§ **HOW TO COMPLETE THIS TASK**: Which lines run from the one containing "STEP (ISO 10303-21)" to the end of the entries below? Retype exactly those, both ends included.

(GIVEN ENTRIES)

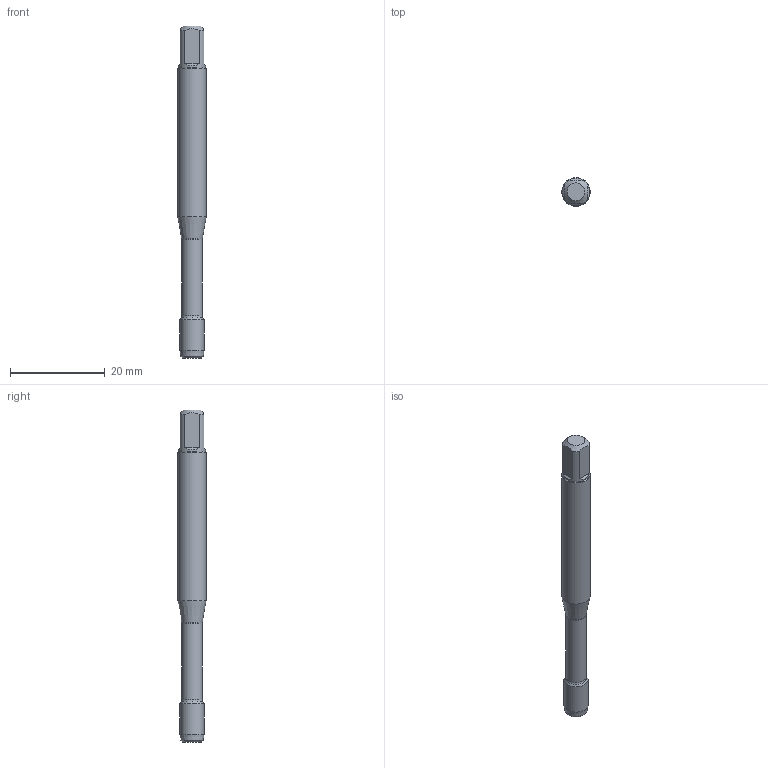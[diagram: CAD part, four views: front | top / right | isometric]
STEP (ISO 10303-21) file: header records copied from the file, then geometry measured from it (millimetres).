
FILE_DESCRIPTION(/* description */ (''),/* implementation_level */ '2;1');
FILE_NAME(/* name */ 'TOOL.STP',/* time_stamp */ '2023-01-23T07:26:36+01:00',/* author */ (''),/* organization */ ('SMS'),/* preprocessor_version */ 'ST-DEVELOPER v16.7',/* originating_system */ 'SIEMENS PLM Software NX 12.0',/* authorisation */ '');
FILE_SCHEMA (('AUTOMOTIVE_DESIGN { 1 0 10303 214 3 1 1 1 }'));
Length unit declared in the file: millimetre
Products named in the file (1): Tool
Bounding box: 6 x 6 x 70.1 mm (x, y, z)
Volume: 1599.9 mm3; surface area: 1259.4 mm2
Topology: 2 solids, 2 shells, 24 faces, 55 edges, 38 vertices
Faces by surface type: plane 12, cone 6, cylinder 4, torus 2
Full cylindrical faces by diameter (mm): 4.327 x1, 5.11 x1, 5.76 x1, 6 x1
Entity records: 680 total; most frequent: CARTESIAN_POINT 136, DIRECTION 110, ORIENTED_EDGE 74, AXIS2_PLACEMENT_3D 49, EDGE_CURVE 37, EDGE_LOOP 36, VERTEX_POINT 29, ADVANCED_FACE 24

(End GIVEN ENTRIES)

§ **TASK SOLUTION**:
STEP (ISO 10303-21) file: header records copied from the file, then geometry measured from it (millimetres).
FILE_DESCRIPTION(/* description */ (''),/* implementation_level */ '2;1');
FILE_NAME(/* name */ 'TOOL.STP',/* time_stamp */ '2023-01-23T07:26:36+01:00',/* author */ (''),/* organization */ ('SMS'),/* preprocessor_version */ 'ST-DEVELOPER v16.7',/* originating_system */ 'SIEMENS PLM Software NX 12.0',/* authorisation */ '');
FILE_SCHEMA (('AUTOMOTIVE_DESIGN { 1 0 10303 214 3 1 1 1 }'));
Length unit declared in the file: millimetre
Products named in the file (1): Tool
Bounding box: 6 x 6 x 70.1 mm (x, y, z)
Volume: 1599.9 mm3; surface area: 1259.4 mm2
Topology: 2 solids, 2 shells, 24 faces, 55 edges, 38 vertices
Faces by surface type: plane 12, cone 6, cylinder 4, torus 2
Full cylindrical faces by diameter (mm): 4.327 x1, 5.11 x1, 5.76 x1, 6 x1
Entity records: 680 total; most frequent: CARTESIAN_POINT 136, DIRECTION 110, ORIENTED_EDGE 74, AXIS2_PLACEMENT_3D 49, EDGE_CURVE 37, EDGE_LOOP 36, VERTEX_POINT 29, ADVANCED_FACE 24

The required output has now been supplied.